29.7.08

peaux vives


quand on lavera les murs, qu'on arrachera à la rentrée les peaux mortes de la ville pour faire croire que tout recommence, croire qu'on effacera le passé en renouvelant le décor - ce qu'on verra, ce ne sera que d'autres peaux plus férocement fixées partout et d'abord, plus définitivement arrimées en soi que notre propre corps : quand on lavera les murs, grattera jusqu'aux plus profondes épaisseurs, raclera encore et encore : ce qui restera sous nos ongles et sur les parois : un peu de notre peine et beaucoup de nos terreurs : les regards de ceux qui, en nous, n'en ont pas fini avec la mort, et pour qui les recommencements ne sont que des répétitions.

Quand je passe devant cette affiche, la fixer dans les yeux ne fait que l'arracher encore un peu plus - et j'emporte avec moi, avant de l'accrocher à d'autres parois plus mouvantes, les peaux vives d'un cri étranglé en moi qui nomme la ville comme chacun des corps qui l'arpentent.

4 commentaires:

brigetoun a dit…

des projets de restaurations qui me font frémir par la férocité de l'entreprise qui sévit actuellement par chez nous et cette impression que les pierres après son passage sont, non pas rénovées, mais mortes, et j'ai un peu mal comme si j'étais elles

Ariane a dit…

mais il y a de la matière encore là. qui reste.

Arnaud Maïsetti a dit…

@brigetoun : oui - et voir la tour saint-jacques ici plus blanches qu'une page, impression étrange : que le musée est dans la ville, que la ville est un musée qu'on ne doit pas toucher, comme des toiles propres, comme des statues intacts en marbre froid.
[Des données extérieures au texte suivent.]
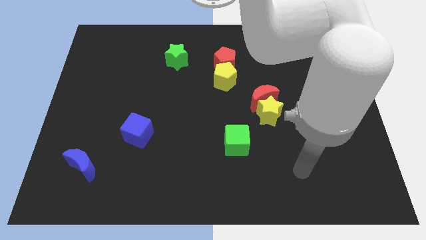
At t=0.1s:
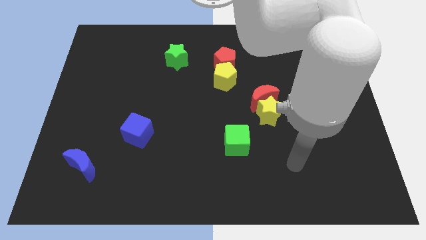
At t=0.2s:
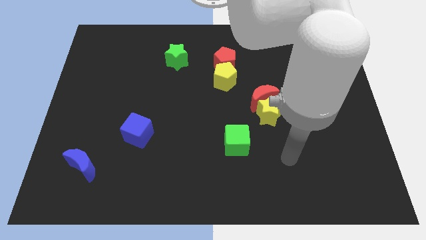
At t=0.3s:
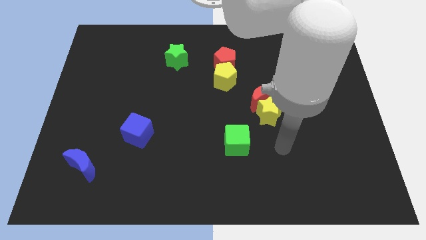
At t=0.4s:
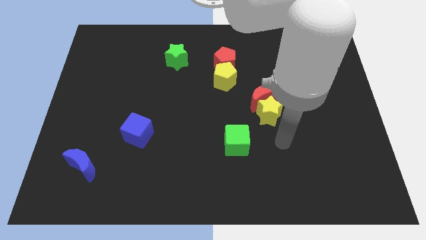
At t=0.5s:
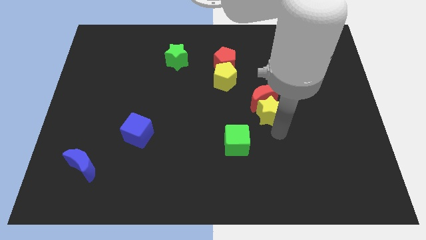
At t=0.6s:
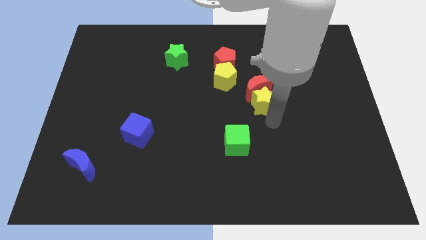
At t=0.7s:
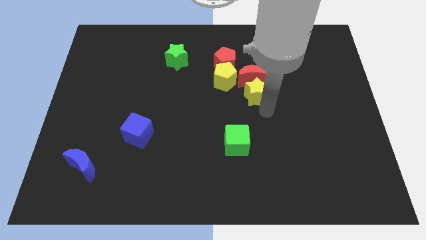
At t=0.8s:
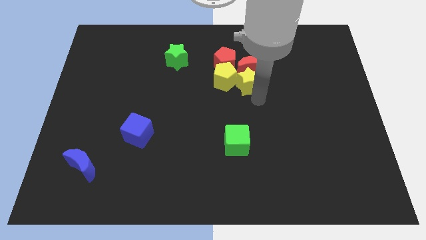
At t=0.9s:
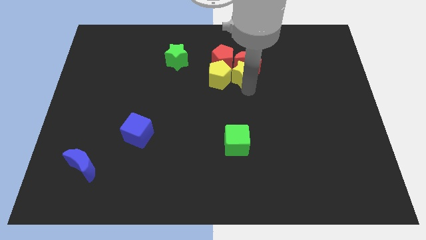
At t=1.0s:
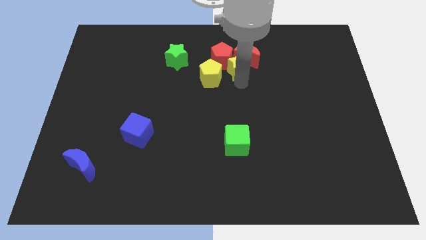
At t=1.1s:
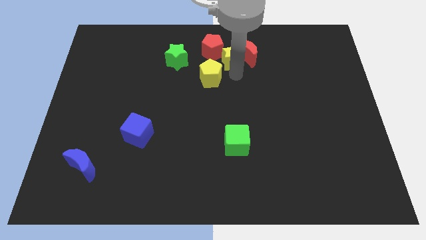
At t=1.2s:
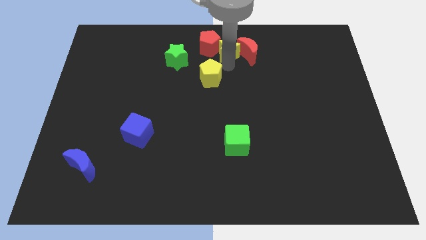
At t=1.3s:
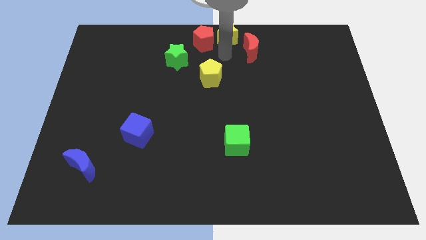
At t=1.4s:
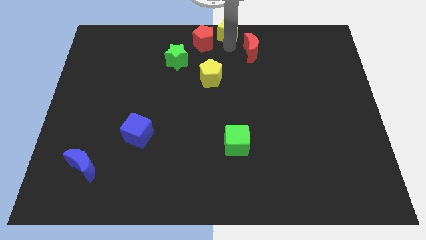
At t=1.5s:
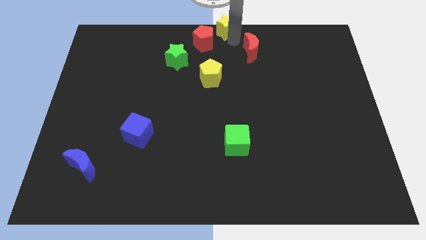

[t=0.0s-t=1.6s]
separate the red moon from the yellow star

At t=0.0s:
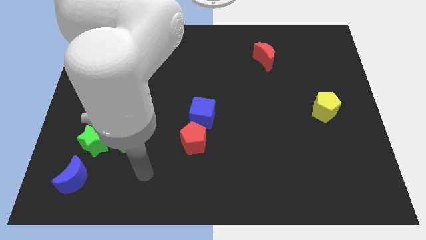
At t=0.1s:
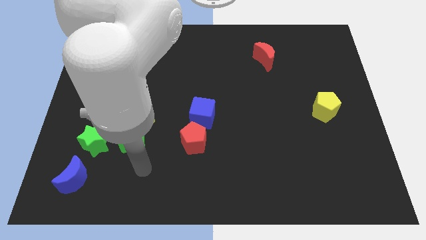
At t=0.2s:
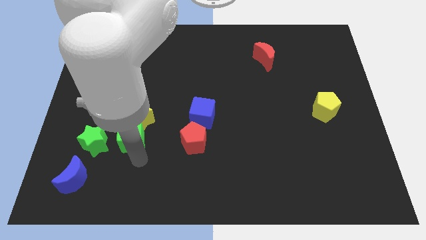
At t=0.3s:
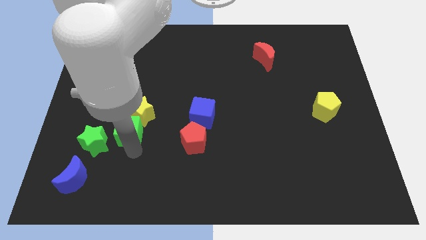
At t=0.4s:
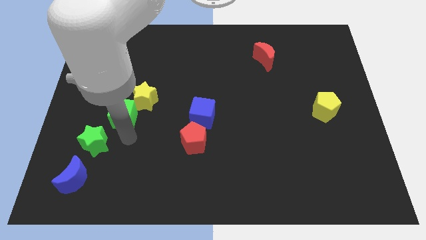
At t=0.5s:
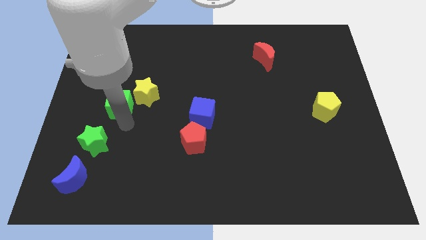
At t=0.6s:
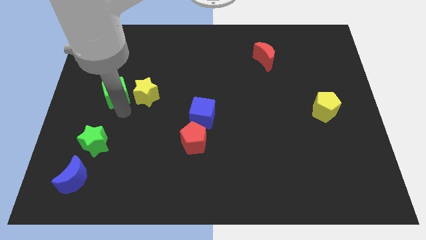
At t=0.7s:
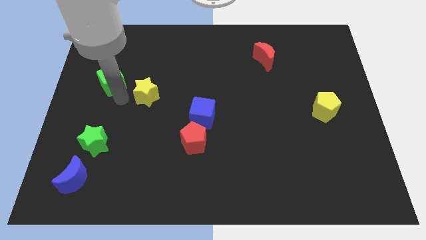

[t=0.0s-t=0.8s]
move the yellow star away from the green cube

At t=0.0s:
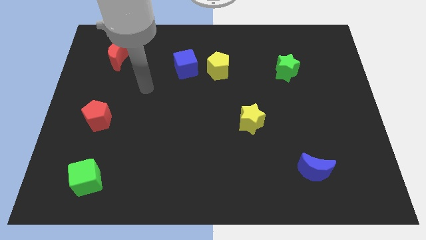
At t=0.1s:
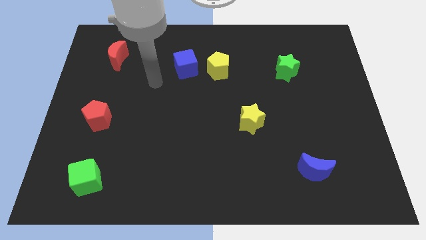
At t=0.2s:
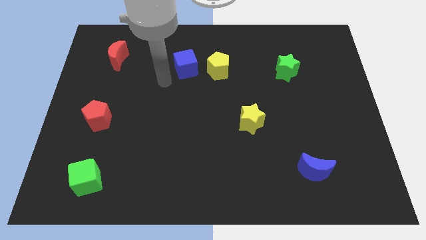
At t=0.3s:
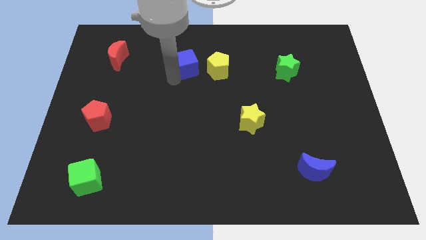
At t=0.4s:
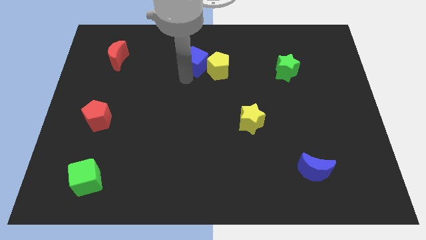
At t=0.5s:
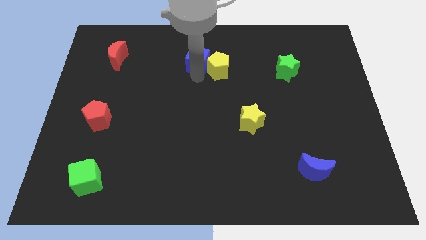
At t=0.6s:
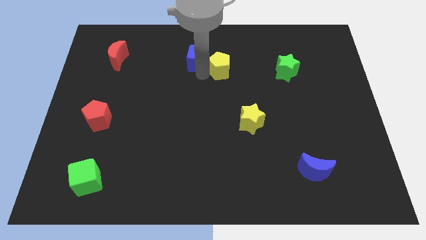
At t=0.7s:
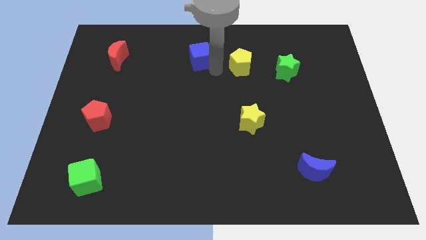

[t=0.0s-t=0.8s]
move the blue cube away from the yellow pentagon

Impression que le musée fige tout dans une intégrité fausse.

@ariane : mais à force d'arracher les affiches, c'est du mur qu'on enlève (?)

Ariane a dit…

le mur avec des bouts qui s'en vont reste de la matière et quand il n'y en aura plus, il y aura d'autre trucs qui seront à cet endroit, et puis quand on ne s'y rendra plus, là on aura une absence.